Executive Summary

A decade ago, warehouses were only considered intermediary locations for storing goods. Since then, warehouses have matured to incorporate additional business processes for improving efficiency and minimizing redundancy across their operations. The optimization of production, distribution, and technology usage has been critical in meeting evolving consumer demands.  To sustain these complex needs, businesses are turning to automation to act as a backbone for their daily operations. In the modern supply chain, warehouse automation is no longer reserved for high velocity markets. E-commerce companies, manufacturers, logistics enterprises and retail outlets are embracing these warehouse changes to enhance their quality of

operations and baseline efficiency. This reduction in logistics costs, human error and supply chain wastages allows smaller companies to stay competitive in growing markets.

Warehouse Automation

As US e-commerce sales continue to grow at over 15% annually, suppliers feel the urgency to serve their customers by offering a variety of products at a faster pace. These operational challenges are expensive to tackle, especially as labor and land costs continue to rise.

This whitepaper highlights warehouse automation trends, different methods of systematically driven automation, and how enterprises can prepare themselves for these new opportunities.

Imagine an automated forklift rolling through aisles and feeding inventory into rack tower 50 feet above the warehouse floor, while a robot carries outbound inventory to the dispatch center enabling rapid order processing. Once the order is ready to ship, a driver-less vehicle or drone prepares to deliver the final product. Is this a vision of the 22nd century supply chain? No, these are the opportunities for a modern-day warehouse.

As of 2017 more than 15% of warehouses in the US were utilizing these techniques. Research shows that by the end of 2020, the number of robots in warehouses will grow by 15 times.

Overall, automation is shifting the standard in traditional warehouse operations. With the evolution of warehousing systems and advanced technologies, companies are looking for new methods to maximize order accuracy through automated material handling equipment, conveyor lighting systems, and robotic tools.

Given the chaos of warehousing automation, many organizations are investigating reliable trends for implementing the best business practices. This generates questions like:  What are the available automation techniques? How can businesses embrace these tools? And more importantly what is the ROI and flexibility for starting?

As of 2017, more than 15% of the warehouses in the US were using automated warehouse techniques. This trend will only speed up over the next five years. Research shows by the end of 2020, the number of robots in warehouses will grow by 15 times.

Why is Automation seeing a rise in prevalence?
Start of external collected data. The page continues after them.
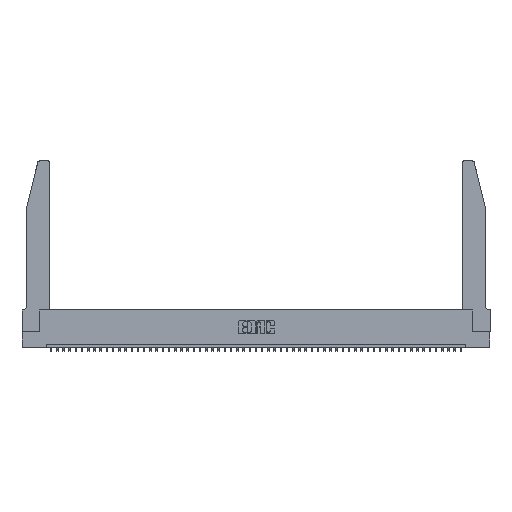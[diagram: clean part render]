
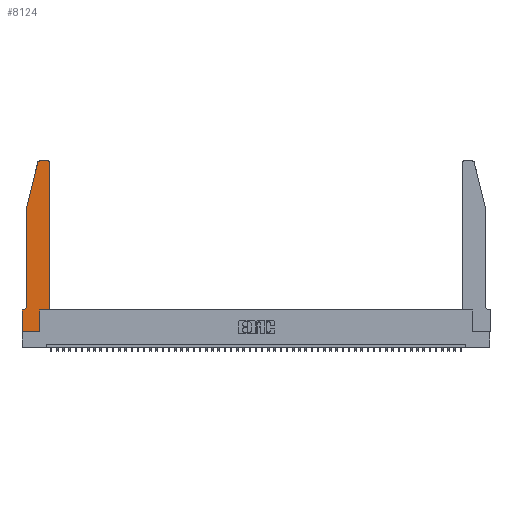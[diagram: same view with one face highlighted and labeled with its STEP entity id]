
A CAD part, top view. The second image highlights one B-rep face of the part: STEP entity #8124.
In plain terms, the highlighted planar face has unit normal (0, 0, 1).
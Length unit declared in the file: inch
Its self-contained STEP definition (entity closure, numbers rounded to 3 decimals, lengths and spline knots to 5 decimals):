
#542 = VECTOR ( 'NONE', #48263, 39.37008 ) ;
#754 = EDGE_CURVE ( 'NONE', #43158, #41250, #47032, .T. ) ;
#1455 = ORIENTED_EDGE ( 'NONE', *, *, #12413, .T. ) ;
#1694 = CARTESIAN_POINT ( 'NONE',  ( 0.0055, 0.42, 0.37 ) ) ;
#1900 = DIRECTION ( 'NONE',  ( -0.239, -0.971, 0. ) ) ;
#1938 = CARTESIAN_POINT ( 'NONE',  ( 0., 0., 0.37 ) ) ;
#3147 = CARTESIAN_POINT ( 'NONE',  ( 0.284, 2.75, 0.37 ) ) ;
#4364 = CARTESIAN_POINT ( 'NONE',  ( 0.4205, 2.72, 0.37 ) ) ;
#4855 = EDGE_CURVE ( 'NONE', #9491, #22577, #23131, .T. ) ;
#5304 = CARTESIAN_POINT ( 'NONE',  ( 0.0755, 0.42, 0.37 ) ) ;
#5486 = LINE ( 'NONE', #26048, #46914 ) ;
#6497 = EDGE_CURVE ( 'NONE', #47462, #30417, #13586, .T. ) ;
#6707 = LINE ( 'NONE', #18196, #25411 ) ;
#7486 = EDGE_CURVE ( 'NONE', #30417, #36996, #41907, .T. ) ;
#8124 = ADVANCED_FACE ( 'NONE', ( #9172 ), #10315, .T. ) ;
#8488 = VERTEX_POINT ( 'NONE', #1938 ) ;
#8729 = DIRECTION ( 'NONE',  ( 0., 0., 1. ) ) ;
#8861 = CIRCLE ( 'NONE', #24366, 0.03 ) ;
#9172 = FACE_OUTER_BOUND ( 'NONE', #28464, .T. ) ;
#9384 = DIRECTION ( 'NONE',  ( 1., 0., 0. ) ) ;
#9491 = VERTEX_POINT ( 'NONE', #47047 ) ;
#10315 = PLANE ( 'NONE',  #40196 ) ;
#11764 = DIRECTION ( 'NONE',  ( 0., -1., 0. ) ) ;
#12413 = EDGE_CURVE ( 'NONE', #22577, #43158, #13436, .T. ) ;
#12703 = ORIENTED_EDGE ( 'NONE', *, *, #39970, .T. ) ;
#13436 = CIRCLE ( 'NONE', #43993, 0.07 ) ;
#13557 = VERTEX_POINT ( 'NONE', #25965 ) ;
#13586 = LINE ( 'NONE', #32549, #48743 ) ;
#14400 = LINE ( 'NONE', #44902, #21269 ) ;
#15132 = CARTESIAN_POINT ( 'NONE',  ( 0.4205, 2.75, 0.37 ) ) ;
#15812 = LINE ( 'NONE', #36578, #31575 ) ;
#15876 = EDGE_CURVE ( 'NONE', #36996, #23231, #33185, .T. ) ;
#16372 = CARTESIAN_POINT ( 'NONE',  ( 0.4505, 0.35, 0.37 ) ) ;
#17357 = VECTOR ( 'NONE', #11764, 39.37008 ) ;
#18196 = CARTESIAN_POINT ( 'NONE',  ( 0., 0., 0.37 ) ) ;
#18408 = EDGE_CURVE ( 'NONE', #41250, #8488, #15812, .T. ) ;
#21269 = VECTOR ( 'NONE', #34794, 39.37008 ) ;
#21572 = DIRECTION ( 'NONE',  ( 0., 1., 0. ) ) ;
#21575 = ORIENTED_EDGE ( 'NONE', *, *, #39657, .T. ) ;
#22577 = VERTEX_POINT ( 'NONE', #5304 ) ;
#22746 = CARTESIAN_POINT ( 'NONE',  ( 0., 0.35, 0.37 ) ) ;
#22996 = ORIENTED_EDGE ( 'NONE', *, *, #44207, .T. ) ;
#23131 = LINE ( 'NONE', #44155, #17357 ) ;
#23231 = VERTEX_POINT ( 'NONE', #15132 ) ;
#24366 = AXIS2_PLACEMENT_3D ( 'NONE', #50182, #30047, #42023 ) ;
#25411 = VECTOR ( 'NONE', #41611, 39.37008 ) ;
#25456 = ORIENTED_EDGE ( 'NONE', *, *, #15876, .T. ) ;
#25965 = CARTESIAN_POINT ( 'NONE',  ( 0.2865, 0., 0.37 ) ) ;
#26048 = CARTESIAN_POINT ( 'NONE',  ( 0.0755, 2., 0.37 ) ) ;
#26144 = VERTEX_POINT ( 'NONE', #50108 ) ;
#26425 = DIRECTION ( 'NONE',  ( 1., 0., 0. ) ) ;
#26834 = VERTEX_POINT ( 'NONE', #3147 ) ;
#27562 = CARTESIAN_POINT ( 'NONE',  ( 0.4505, 2.72, 0.37 ) ) ;
#28464 = EDGE_LOOP ( 'NONE', ( #12703, #22996, #37202, #34812, #1455, #35633, #29774, #32024, #21575, #47374, #45720, #25456 ) ) ;
#28596 = AXIS2_PLACEMENT_3D ( 'NONE', #4364, #8729, #32410 ) ;
#29519 = CARTESIAN_POINT ( 'NONE',  ( 0.4505, 0.35, 0.37 ) ) ;
#29774 = ORIENTED_EDGE ( 'NONE', *, *, #18408, .T. ) ;
#30047 = DIRECTION ( 'NONE',  ( 0., 0., 1. ) ) ;
#30417 = VERTEX_POINT ( 'NONE', #29519 ) ;
#31105 = CARTESIAN_POINT ( 'NONE',  ( 0.2865, 0.35, 0.37 ) ) ;
#31237 = VECTOR ( 'NONE', #32595, 39.37008 ) ;
#31575 = VECTOR ( 'NONE', #41886, 39.37008 ) ;
#32024 = ORIENTED_EDGE ( 'NONE', *, *, #33944, .T. ) ;
#32410 = DIRECTION ( 'NONE',  ( 1., 0., 0. ) ) ;
#32549 = CARTESIAN_POINT ( 'NONE',  ( 0.4505, 0.35, 0.37 ) ) ;
#32595 = DIRECTION ( 'NONE',  ( 0., 1., 0. ) ) ;
#33056 = EDGE_CURVE ( 'NONE', #26144, #9491, #5486, .T. ) ;
#33068 = CARTESIAN_POINT ( 'NONE',  ( 0.0055, 0.35, 0.37 ) ) ;
#33185 = CIRCLE ( 'NONE', #28596, 0.03 ) ;
#33944 = EDGE_CURVE ( 'NONE', #8488, #13557, #6707, .T. ) ;
#34794 = DIRECTION ( 'NONE',  ( -1., 0., 0. ) ) ;
#34812 = ORIENTED_EDGE ( 'NONE', *, *, #4855, .T. ) ;
#35633 = ORIENTED_EDGE ( 'NONE', *, *, #754, .T. ) ;
#36578 = CARTESIAN_POINT ( 'NONE',  ( 0., 0., 0.37 ) ) ;
#36996 = VERTEX_POINT ( 'NONE', #27562 ) ;
#37202 = ORIENTED_EDGE ( 'NONE', *, *, #33056, .T. ) ;
#39657 = EDGE_CURVE ( 'NONE', #13557, #47462, #44553, .T. ) ;
#39970 = EDGE_CURVE ( 'NONE', #23231, #26834, #14400, .T. ) ;
#40196 = AXIS2_PLACEMENT_3D ( 'NONE', #22746, #50958, #26425 ) ;
#41250 = VERTEX_POINT ( 'NONE', #43664 ) ;
#41465 = VECTOR ( 'NONE', #21572, 39.37008 ) ;
#41611 = DIRECTION ( 'NONE',  ( 1., 0., 0. ) ) ;
#41886 = DIRECTION ( 'NONE',  ( 0., -1., 0. ) ) ;
#41907 = LINE ( 'NONE', #16372, #31237 ) ;
#42023 = DIRECTION ( 'NONE',  ( 1., 0., 0. ) ) ;
#43158 = VERTEX_POINT ( 'NONE', #33068 ) ;
#43664 = CARTESIAN_POINT ( 'NONE',  ( 0., 0.35, 0.37 ) ) ;
#43993 = AXIS2_PLACEMENT_3D ( 'NONE', #1694, #50026, #51349 ) ;
#44155 = CARTESIAN_POINT ( 'NONE',  ( 0.0755, 2., 0.37 ) ) ;
#44207 = EDGE_CURVE ( 'NONE', #26834, #26144, #8861, .T. ) ;
#44553 = LINE ( 'NONE', #49795, #41465 ) ;
#44902 = CARTESIAN_POINT ( 'NONE',  ( 0.2605, 2.75, 0.37 ) ) ;
#45720 = ORIENTED_EDGE ( 'NONE', *, *, #7486, .T. ) ;
#46914 = VECTOR ( 'NONE', #1900, 39.37008 ) ;
#47032 = LINE ( 'NONE', #48103, #542 ) ;
#47047 = CARTESIAN_POINT ( 'NONE',  ( 0.0755, 2., 0.37 ) ) ;
#47374 = ORIENTED_EDGE ( 'NONE', *, *, #6497, .T. ) ;
#47462 = VERTEX_POINT ( 'NONE', #31105 ) ;
#48103 = CARTESIAN_POINT ( 'NONE',  ( 0.0755, 0.35, 0.37 ) ) ;
#48263 = DIRECTION ( 'NONE',  ( -1., 0., 0. ) ) ;
#48743 = VECTOR ( 'NONE', #9384, 39.37008 ) ;
#49795 = CARTESIAN_POINT ( 'NONE',  ( 0.2865, 0.35, 0.37 ) ) ;
#50026 = DIRECTION ( 'NONE',  ( 0., 0., -1. ) ) ;
#50108 = CARTESIAN_POINT ( 'NONE',  ( 0.25487, 2.72718, 0.37 ) ) ;
#50182 = CARTESIAN_POINT ( 'NONE',  ( 0.284, 2.72, 0.37 ) ) ;
#50958 = DIRECTION ( 'NONE',  ( 0., 0., 1. ) ) ;
#51349 = DIRECTION ( 'NONE',  ( -1., 0., 0. ) ) ;

Warehouse automation has been an ongoing journey in the supply chain world, but what’s fascinating is the recent developments in this technology. So, what is the reason behind the current rush in warehouse automation? There are several lengthy explanations, but in summary there are 4 prevailing reasons behind the sudden rise of these trends.

Warehouse Automation

Increasing Labor Costs

As a business matures and begins receiving more orders, especially at the peak season of sales, they need more operation resources and warehouse space. In today’s world, labor and land are critical expenses, forcing companies to grapple with maximizing ROI for these respective investments. Automation quickly becomes the clear choice in order to maximize productivity benefits for their business strategy.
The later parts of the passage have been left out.